Photos to follow tomorrow - I have to go to work tonight 

P.S. - me sparkly trousers are now rather muddy, PMSL!!!!!


----------



## ridgeback05 (Aug 5, 2008)

Glad you had a good day...well done with the hitch pups also....and sorry your other two got spooked....hope I can do half as well tomorrow as you did today....again well done.


----------



## Blondie (Feb 27, 2011)

ridgeback05 said:


> Glad you had a good day...well done with the hitch pups also....and sorry your other two got spooked....hope I can do half as well tomorrow as you did today....again well done.


Good luck tomorrow!!!!

Handy tip - if it rains through the night, the ground will not have dried up so I would advise you to take ya wellies!! Twas rather muddy in parts yoday sp gawd help ya tomorrow if it rains again!


----------



## Blondie (Feb 27, 2011)

heres a couple of pics I got downloaded so far - the awesome Axel, 1st MPD!!










The excitable JD - 3rd MPD


----------



## ridgeback05 (Aug 5, 2008)

Very nice pups.


----------



## Blondie (Feb 27, 2011)

Having problems wiv me camera n the downloading bit  not happy coz I got some pics I havent even see yet 

Anyways, heres the Booty Buffy, 3rd MPB










And the gorgeous Nala 2nd MPB


----------



## ridgeback05 (Aug 5, 2008)

today at skc We almost had as good a day as you...Inca 2nd in pb....Sifa 1st in pg....and loki 2nd in limit dog...


----------



## Blondie (Feb 27, 2011)

ridgeback05 said:


> today at skc We almost had as good a day as you...Inca 2nd in pb....Sifa 1st in pg....and loki 2nd in limit dog...

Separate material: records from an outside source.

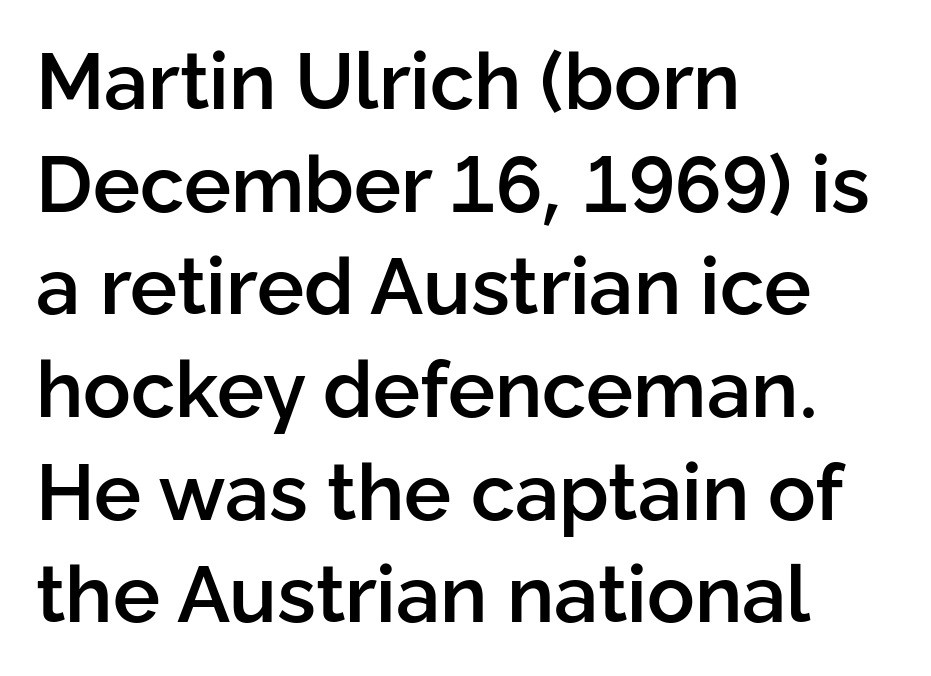
{"serif": "no", "italic": "no", "bold": "semi", "weight": "semibold", "width": "normal", "stroke_contrast": "low", "x_height": "medium", "monospaced": "no", "underline": "no", "align": "left", "line_spacing": "normal", "line_spacing_ratio": 1.3, "letter_spacing": "normal", "letter_spacing_em": 0.0, "glyph_px": 79}
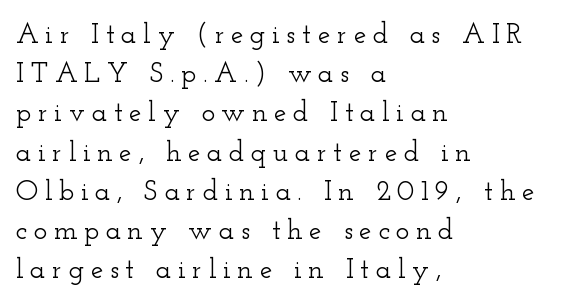
Q: Is the text italic (slanted)? A: No, it is upright.
Q: Is the typeface a serif or a sans-serif typeface? A: Serif.
Q: Is the text underlined? A: No.
Q: How is the paragraph aligned? A: Left-aligned.
Q: Is the spacing between letters normal or unusually wide? A: Unusually wide.
Q: Is the spacing between lines tight, normal or loose? A: Normal.
Q: Width (condensed, normal, or wide)? A: Wide.
Q: Stroke contrast? A: Low.
Q: x-height? A: Small.
Q: Monospaced? A: No.
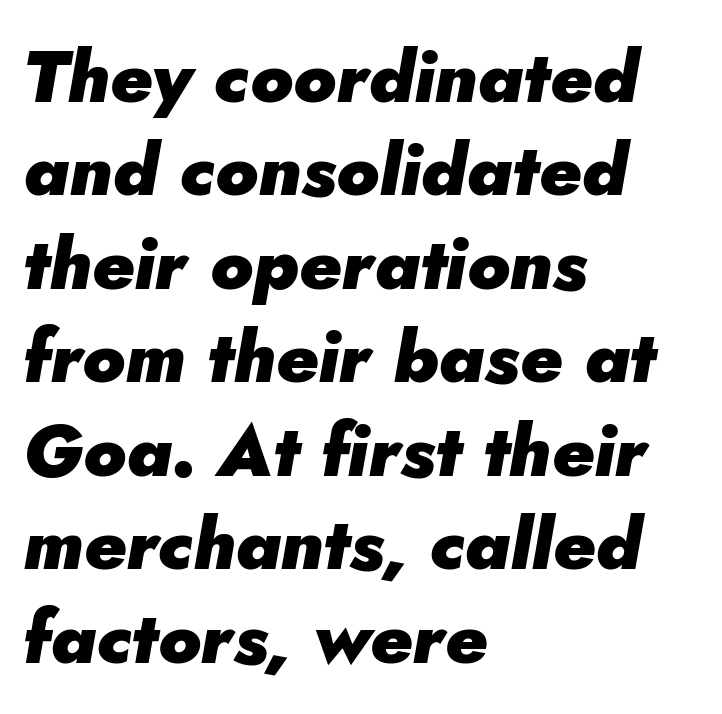
The image shows 73 px heavy type, italic (leaning right); set left-aligned, normal line spacing (1.28x), normal letter spacing, not underlined; low stroke contrast and a small x-height.
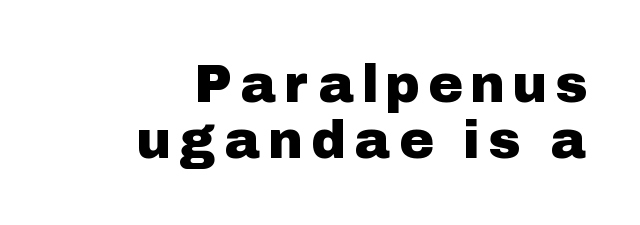
This sample uses a sans-serif face. Layout note: lines flush right. Check the space under the baseline: it is left empty. Italic? Not at all — the glyphs are vertical. The rendering uses a small line-height, squeezing the rows. Character widths vary here, with narrow letters taking less room than wide ones.
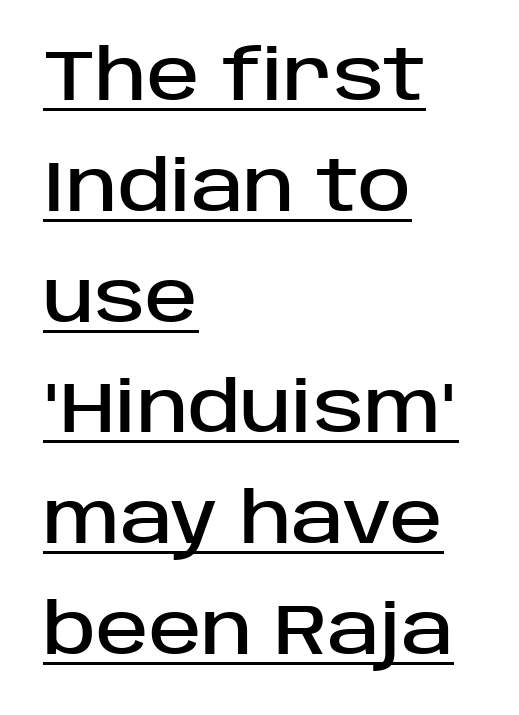
Q: Is the text italic (slanted)? A: No, it is upright.
Q: Is the typeface a serif or a sans-serif typeface? A: Sans-serif.
Q: Is the text underlined? A: Yes.
Q: How is the paragraph aligned? A: Left-aligned.
Q: Is the spacing between letters normal or unusually wide? A: Normal.
Q: Is the spacing between lines tight, normal or loose? A: Normal.
Q: Width (condensed, normal, or wide)? A: Normal.
Q: Stroke contrast? A: Low.
Q: x-height? A: Large.
Q: Monospaced? A: No.
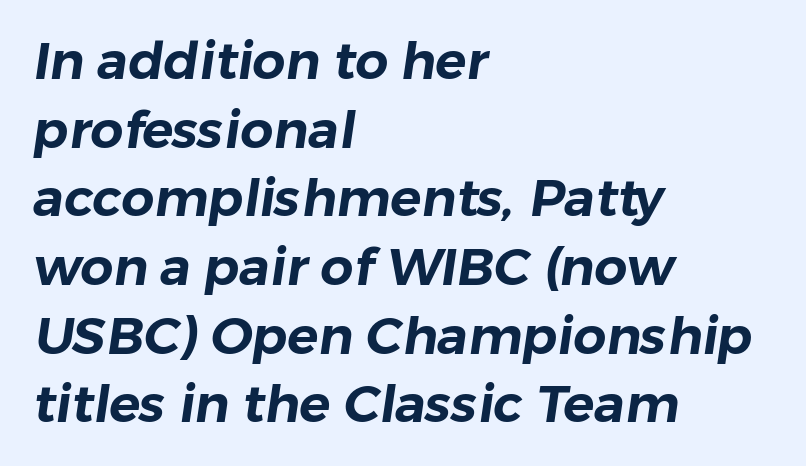
The image shows 52 px sans-serif type; set left-aligned, normal line spacing (1.32x), normal letter spacing, not underlined; low stroke contrast and a medium x-height.
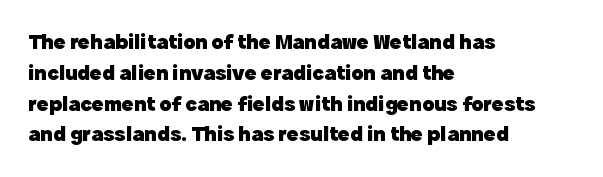
{"italic": "no", "bold": "yes", "underline": "no", "align": "left", "line_spacing": "normal", "line_spacing_ratio": 1.4, "letter_spacing": "normal", "letter_spacing_em": 0.0, "glyph_px": 22}
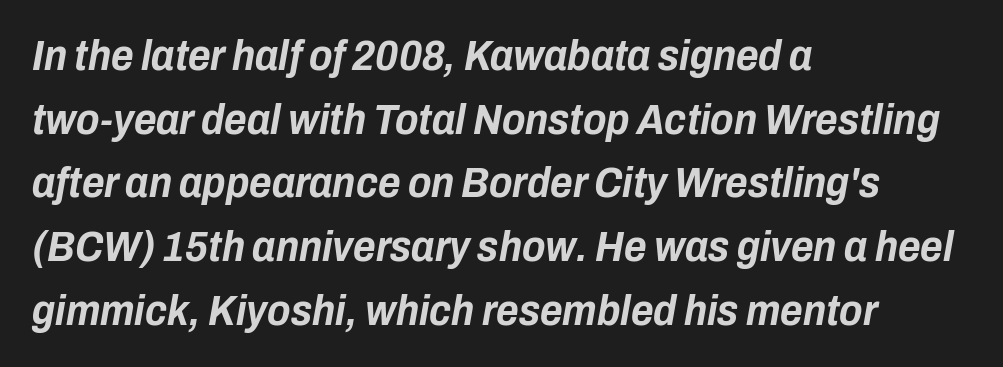
Q: Is the text bold? A: Yes.
Q: Is the text italic (slanted)? A: Yes, it leans right by about 10 degrees.
Q: Is the text underlined? A: No.
Q: How is the paragraph aligned? A: Left-aligned.
Q: Is the spacing between letters normal or unusually wide? A: Normal.
Q: Is the spacing between lines tight, normal or loose? A: Normal.
Q: Width (condensed, normal, or wide)? A: Condensed.
Q: Stroke contrast? A: Low.
Q: x-height? A: Medium.
Q: Monospaced? A: No.

Awesome stuff!!!!! Well done to all concerned!! Looks like SKC was a hugh success for members, lol!!

How was the weather??


----------



## Devil-Dogz (Oct 4, 2009)

I still want Nala please, thank you kindly


----------



## ridgeback05 (Aug 5, 2008)

Ceearott said:


> Awesome stuff!!!!! Well done to all concerned!! Looks like SKC was a hugh success for members, lol!!
> 
> How was the weather??


Was very cold tho dry...but up to our ankles in mud...lol


----------



## Blondie (Feb 27, 2011)

ridgeback05 said:


> Was very cold tho dry...but up to our ankles in mud...lol


Yes, I had visions of it being a wellie day even more than yesterday, PMSL!! At least it stayed dry for ya!


----------



## Blondie (Feb 27, 2011)

Devil-Dogz said:


> I still want Nala please, thank you kindly


I think you would have fight off not just her owner, but her two sons aswell, PMSL!!!!!


----------